The Covariance Matrix

Variance measures the spread of one uncertain quantity. When several vary together, we need to know not just how much each spreads but how they co-vary. The covariance of two variables is the average product of their deviations:

\operatorname{cov}(X, Y) = \mathbb{E}\big[(X - \mu_X)(Y - \mu_Y)\big].

Positive covariance: they tend to rise together. Negative: one rises as the other falls. Zero: no linear relationship. Dividing by the two standard deviations gives the correlation \rho = \operatorname{cov}(X,Y)/(\sigma_X\sigma_Y) \in [-1, 1].

Packing it into a matrix

For a vector of variables \mathbf{x} = (X_1, \dots, X_n), all the pairwise covariances assemble into the covariance matrix

\Sigma = \mathbb{E}\big[(\mathbf{x} - \boldsymbol\mu)(\mathbf{x} - \boldsymbol\mu)^{\mathsf T}\big], \qquad \Sigma_{ij} = \operatorname{cov}(X_i, X_j).

Its diagonal holds the variances \Sigma_{ii} = \sigma_i^2; the off-diagonal entries hold the covariances. Two structural facts matter throughout inverse theory: \Sigma is symmetric (\Sigma_{ij} = \Sigma_{ji}) and positive semidefinite (no direction has negative variance). Geometrically, \Sigma describes an ellipse of uncertainty: its eigenvectors are the principal axes and its eigenvalues are the variances along them.

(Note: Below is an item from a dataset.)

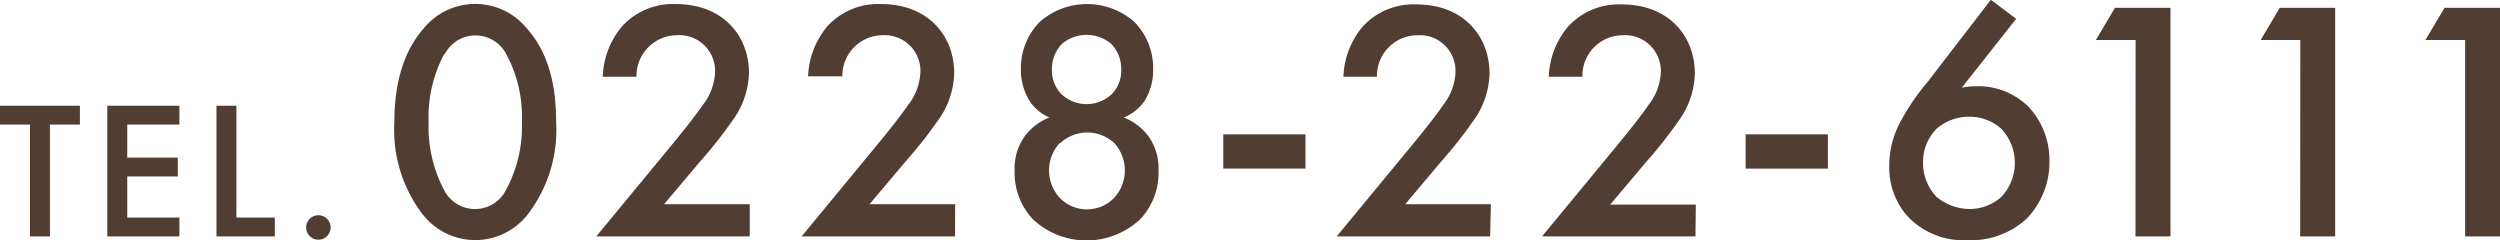 <svg xmlns="http://www.w3.org/2000/svg" viewBox="0 0 204.31 19.63"><defs><style>.cls-1{fill:#523d32;}</style></defs><g id="レイヤー_2" data-name="レイヤー 2"><g id="文字"><path class="cls-1" d="M34.77,22.63A11.35,11.35,0,0,1,32.39,15c0-2.4.42-5.4,2.38-7.64a5.44,5.44,0,0,1,8.46,0c2,2.24,2.38,5.24,2.38,7.64a11.35,11.35,0,0,1-2.38,7.62,5.44,5.44,0,0,1-8.46,0ZM36.48,9.41A10.87,10.87,0,0,0,35.19,15a11,11,0,0,0,1.29,5.6,2.83,2.83,0,0,0,5,0A10.86,10.86,0,0,0,42.81,15a10.77,10.77,0,0,0-1.29-5.58,2.83,2.83,0,0,0-5,0Z" transform="translate(-0.16 -5.02)"/><path class="cls-1" d="M61.43,24.34H48.89l6.47-7.84c.64-.79,1.62-2,2.24-2.91a4.66,4.66,0,0,0,1-2.69,2.92,2.92,0,0,0-3.11-3,3.32,3.32,0,0,0-3.31,3.39H49.42A6.72,6.72,0,0,1,51,7.17a5.61,5.61,0,0,1,4.37-1.82c4,0,6,2.72,6,5.63A6.85,6.85,0,0,1,60,14.9a36.48,36.48,0,0,1-2.66,3.36l-2.91,3.45h7Z" transform="translate(-0.16 -5.02)"/><path class="cls-1" d="M78.21,24.34H65.67l6.47-7.84c.64-.79,1.62-2,2.24-2.91a4.66,4.66,0,0,0,1-2.69,2.92,2.92,0,0,0-3.11-3A3.31,3.31,0,0,0,69,11.26H66.2a6.78,6.78,0,0,1,1.57-4.09,5.63,5.63,0,0,1,4.37-1.82c4,0,6,2.72,6,5.63a6.85,6.85,0,0,1-1.35,3.92,36.48,36.48,0,0,1-2.66,3.36l-2.91,3.45h7Z" transform="translate(-0.16 -5.02)"/><path class="cls-1" d="M94,16.13a4.52,4.52,0,0,1,.84,2.8,5.54,5.54,0,0,1-1.49,4,6.42,6.42,0,0,1-8.79,0,5.58,5.58,0,0,1-1.48-4,4.52,4.52,0,0,1,.84-2.8,4.69,4.69,0,0,1,2-1.51,3.65,3.65,0,0,1-1.65-1.4,4.86,4.86,0,0,1-.68-2.55,5.4,5.4,0,0,1,1.57-3.89,5.86,5.86,0,0,1,7.67,0,5.36,5.36,0,0,1,1.57,3.89,4.85,4.85,0,0,1-.67,2.55A3.76,3.76,0,0,1,92,14.62,4.69,4.69,0,0,1,94,16.13Zm-7.25.59a3.32,3.32,0,0,0,0,4.45,3.09,3.09,0,0,0,4.48,0,3.32,3.32,0,0,0,0-4.45,3.24,3.24,0,0,0-4.42,0Zm.17-8.09a2.94,2.94,0,0,0-.79,2.07,2.74,2.74,0,0,0,.76,2,3,3,0,0,0,4.14,0,2.74,2.74,0,0,0,.76-2A2.94,2.94,0,0,0,91,8.63a3.12,3.12,0,0,0-4.08,0Z" transform="translate(-0.16 -5.02)"/><path class="cls-1" d="M100.13,16h6.72V18.8h-6.72Z" transform="translate(-0.16 -5.02)"/><path class="cls-1" d="M121.94,24.34H109.4l6.47-7.84c.64-.79,1.62-2,2.24-2.91a4.66,4.66,0,0,0,1-2.69,2.92,2.92,0,0,0-3.11-3,3.32,3.32,0,0,0-3.31,3.39h-2.74a6.72,6.72,0,0,1,1.57-4.09,5.61,5.61,0,0,1,4.37-1.82c4,0,6,2.72,6,5.63a6.85,6.85,0,0,1-1.35,3.92,36.48,36.48,0,0,1-2.66,3.36L115,21.71h7Z" transform="translate(-0.16 -5.02)"/><path class="cls-1" d="M138.72,24.34H126.18l6.47-7.84c.64-.79,1.62-2,2.24-2.91a4.66,4.66,0,0,0,1-2.69,2.92,2.92,0,0,0-3.11-3,3.31,3.31,0,0,0-3.3,3.39h-2.75a6.78,6.78,0,0,1,1.57-4.09,5.63,5.63,0,0,1,4.37-1.82c4,0,6,2.72,6,5.63a6.85,6.85,0,0,1-1.35,3.92,36.48,36.48,0,0,1-2.66,3.36l-2.91,3.45h7Z" transform="translate(-0.16 -5.02)"/><path class="cls-1" d="M142.82,16h6.72V18.8h-6.72Z" transform="translate(-0.16 -5.02)"/><path class="cls-1" d="M164.93,6.56l-4.45,5.63a5.43,5.43,0,0,1,1.18-.12A5.83,5.83,0,0,1,166,13.81a6.4,6.4,0,0,1,1.65,4.37,6.66,6.66,0,0,1-1.85,4.7A6.73,6.73,0,0,1,161,24.65a6.34,6.34,0,0,1-4.82-1.82,5.93,5.93,0,0,1-1.62-4.23,7.52,7.52,0,0,1,.89-3.59,18.68,18.68,0,0,1,2.27-3.33L162.86,5Zm-6.52,9a3.83,3.83,0,0,0-1.09,2.77,4,4,0,0,0,1.09,2.77,4.3,4.3,0,0,0,2.69,1,3.89,3.89,0,0,0,2.63-1,4.06,4.06,0,0,0,0-5.54,3.86,3.86,0,0,0-2.63-1A4.05,4.05,0,0,0,158.41,15.55Z" transform="translate(-0.16 -5.02)"/><path class="cls-1" d="M174.69,8.29h-3.25L173,5.66h4.54V24.34h-2.86Z" transform="translate(-0.16 -5.02)"/><path class="cls-1" d="M188.15,8.29h-3.24l1.56-2.63H191V24.34h-2.86Z" transform="translate(-0.16 -5.02)"/><path class="cls-1" d="M201.62,8.29h-3.25l1.57-2.63h4.53V24.34h-2.85Z" transform="translate(-0.16 -5.02)"/><path class="cls-1" d="M4.24,15.2v9.14H2.61V15.2H.16V13.66H6.69V15.2Z" transform="translate(-0.16 -5.02)"/><path class="cls-1" d="M14.82,15.2H10.56v2.7h4.13v1.54H10.56V22.8h4.26v1.54H8.93V13.66h5.89Z" transform="translate(-0.16 -5.02)"/><path class="cls-1" d="M19.48,13.66V22.8h3.14v1.54H17.85V13.66Z" transform="translate(-0.16 -5.02)"/><path class="cls-1" d="M26.18,22.61a1,1,0,1,1-1,1A1,1,0,0,1,26.18,22.61Z" transform="translate(-0.16 -5.02)"/></g></g></svg>

The ellipse of uncertainty

The ellipse is the one-standard-deviation contour of a 2-D distribution with covariance \Sigma = \begin{psmallmatrix}\sigma_x^2 & \rho\sigma_x\sigma_y\\ \rho\sigma_x\sigma_y & \sigma_y^2\end{psmallmatrix}. Stretch \sigma_x, \sigma_y to change the spread along each axis; turn up the correlation \rho and the ellipse tilts — the variables become entangled, and knowing one tells you about the other.

\Sigma_{ij} = \operatorname{cov}(X_i, X_j); the diagonal is the variances.
\Sigma is symmetric and positive semidefinite.
Its eigenvectors/eigenvalues are the axes/variances of the uncertainty ellipse.